L’intervention du législateur est nécessaire pour modifier l’article L.114-16 du code de la sécurité sociale et permettre expressément aux greffiers des tribunaux de commerce, en cas de suspicion de fraude, de transmettre les informations ou documents recueillis dans l’exercice de leurs missions aux agents des organismes de protection sociale et de l’Etat.

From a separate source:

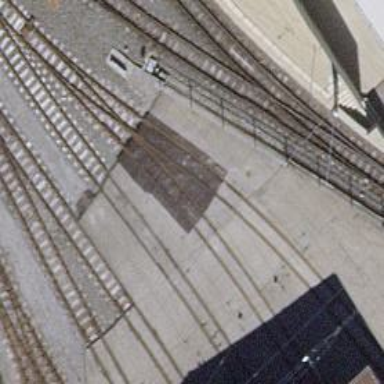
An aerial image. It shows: Narrow-gauge railway yard with electrified contact lines.
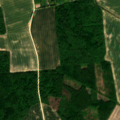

Simplification procédure sanction administrative

Situation actuelle :

La procédure actuelle (selon l’article L 114-17 du code de la sécurité sociale) est la suivante :

  1. Envoi d’une notification des griefs reprochés et du montant envisagé de la pénalité ;
  2. Possibilité d’observations écrites ou d’audition de l’assuré dans un délai d’un mois ;
  3. Notification d’une première décision sur le montant de la pénalité ;
  4. Possibilité de recours gracieux : le directeur doit alors se prononcer après avis de la commission des pénalités ;
  5. Avis de la commission (sous un mois) qui propose le montant de la pénalité (si elle estime la personne responsable) ;
  6. Notification de la deuxième décision du directeur sur le montant de la pénalité.

Cette procédure propre aux branches famille et vieillesse est particulièrement lourde et peu lisible.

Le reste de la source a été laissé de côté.